-- Task brief --
Across the listing that follows, work out how many lines carry the string "right". Provide that number and nothing else.

-- Source data --
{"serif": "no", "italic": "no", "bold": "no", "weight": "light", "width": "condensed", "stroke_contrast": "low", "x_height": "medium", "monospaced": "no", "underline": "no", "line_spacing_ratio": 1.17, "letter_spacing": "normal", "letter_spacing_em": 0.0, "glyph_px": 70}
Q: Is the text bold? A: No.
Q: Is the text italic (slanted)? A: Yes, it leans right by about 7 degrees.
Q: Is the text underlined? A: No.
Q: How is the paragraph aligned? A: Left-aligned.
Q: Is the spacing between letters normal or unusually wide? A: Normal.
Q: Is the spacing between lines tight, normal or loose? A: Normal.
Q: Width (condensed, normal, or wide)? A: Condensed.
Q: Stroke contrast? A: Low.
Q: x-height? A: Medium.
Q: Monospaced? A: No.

---

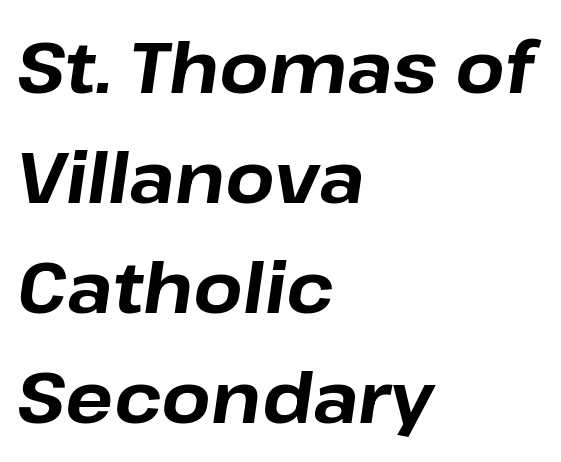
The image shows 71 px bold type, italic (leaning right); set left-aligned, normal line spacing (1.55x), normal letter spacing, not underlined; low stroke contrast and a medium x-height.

-- Output of the exercise --
2